▶ [Work request]: Pictures aside, reproduce exactly and only the lines below, starting at the one containing "Transcription: Angaji (Persian: محمدعلی" and ending at the last line.

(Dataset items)
►

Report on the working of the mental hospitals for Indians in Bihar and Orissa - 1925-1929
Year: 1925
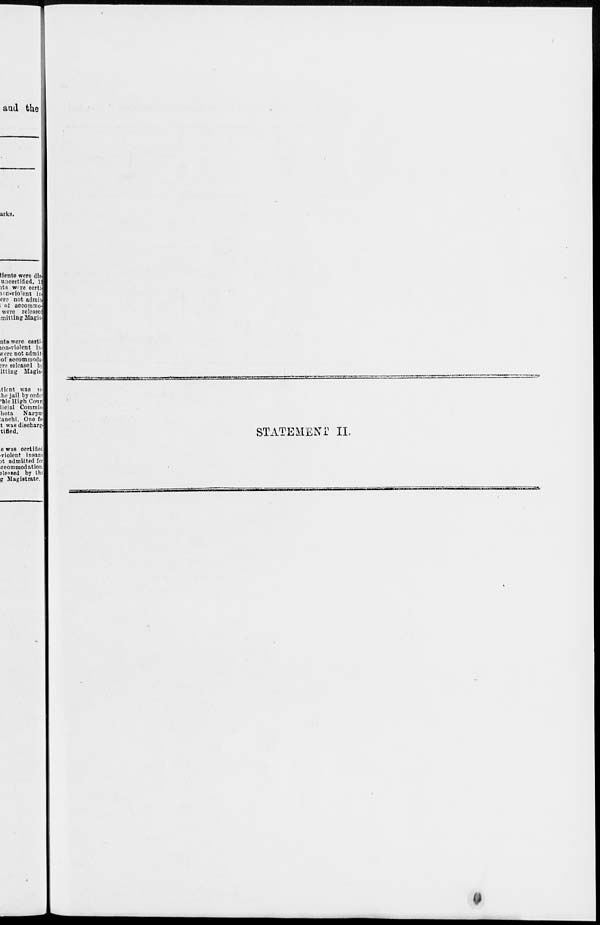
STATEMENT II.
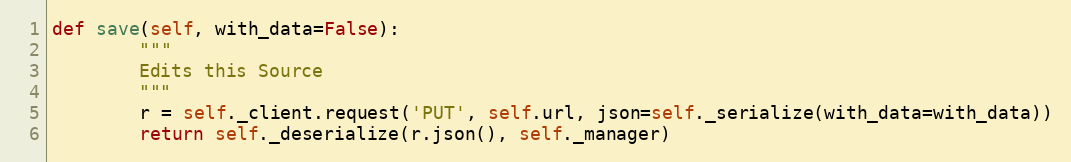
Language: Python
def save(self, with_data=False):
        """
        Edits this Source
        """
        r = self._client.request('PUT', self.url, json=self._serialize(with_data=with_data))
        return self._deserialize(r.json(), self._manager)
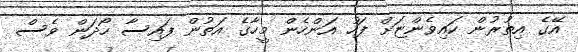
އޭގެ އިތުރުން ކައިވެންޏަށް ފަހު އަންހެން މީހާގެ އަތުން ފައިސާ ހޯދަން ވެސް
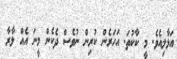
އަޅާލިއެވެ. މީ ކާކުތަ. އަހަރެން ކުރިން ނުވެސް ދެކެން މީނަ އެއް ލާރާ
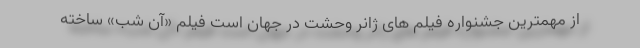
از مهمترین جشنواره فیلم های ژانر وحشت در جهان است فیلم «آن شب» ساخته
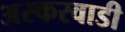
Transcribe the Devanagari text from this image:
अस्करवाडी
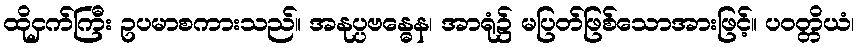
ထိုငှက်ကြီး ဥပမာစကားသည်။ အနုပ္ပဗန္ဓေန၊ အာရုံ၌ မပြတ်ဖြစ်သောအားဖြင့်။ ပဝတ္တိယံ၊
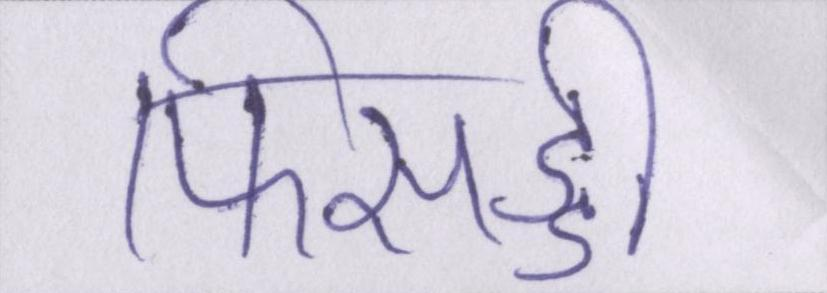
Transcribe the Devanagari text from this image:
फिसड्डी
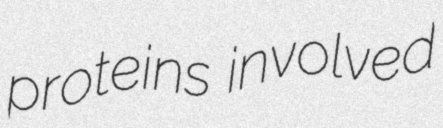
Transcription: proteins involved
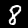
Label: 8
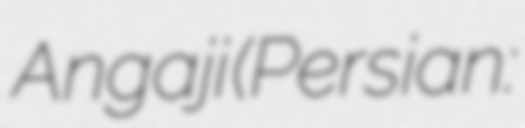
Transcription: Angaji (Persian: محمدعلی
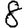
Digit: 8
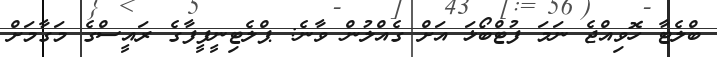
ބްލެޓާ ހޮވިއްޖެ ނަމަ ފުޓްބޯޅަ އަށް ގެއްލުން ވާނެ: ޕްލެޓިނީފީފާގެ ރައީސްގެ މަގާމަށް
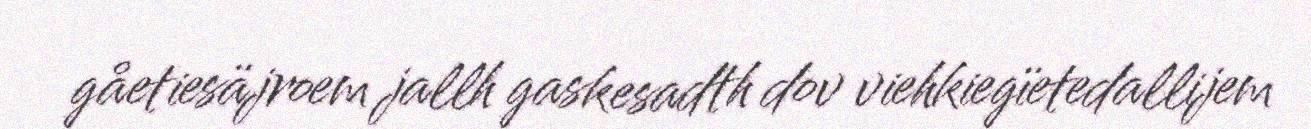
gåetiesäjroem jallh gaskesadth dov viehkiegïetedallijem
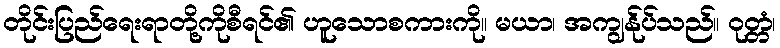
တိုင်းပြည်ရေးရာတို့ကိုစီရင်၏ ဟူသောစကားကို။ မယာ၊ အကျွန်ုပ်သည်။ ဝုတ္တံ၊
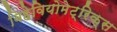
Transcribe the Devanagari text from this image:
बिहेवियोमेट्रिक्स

◄

▶ [Task result]:
Transcription: Angaji (Persian: محمدعلی
Digit: 8
ބްލެޓާ ހޮވިއްޖެ ނަމަ ފުޓްބޯޅަ އަށް ގެއްލުން ވާނެ: ޕްލެޓިނީފީފާގެ ރައީސްގެ މަގާމަށް
gåetiesäjroem jallh gaskesadth dov viehkiegïetedallijem
တိုင်းပြည်ရေးရာတို့ကိုစီရင်၏ ဟူသောစကားကို။ မယာ၊ အကျွန်ုပ်သည်။ ဝုတ္တံ၊
Transcribe the Devanagari text from this image:
बिहेवियोमेट्रिक्स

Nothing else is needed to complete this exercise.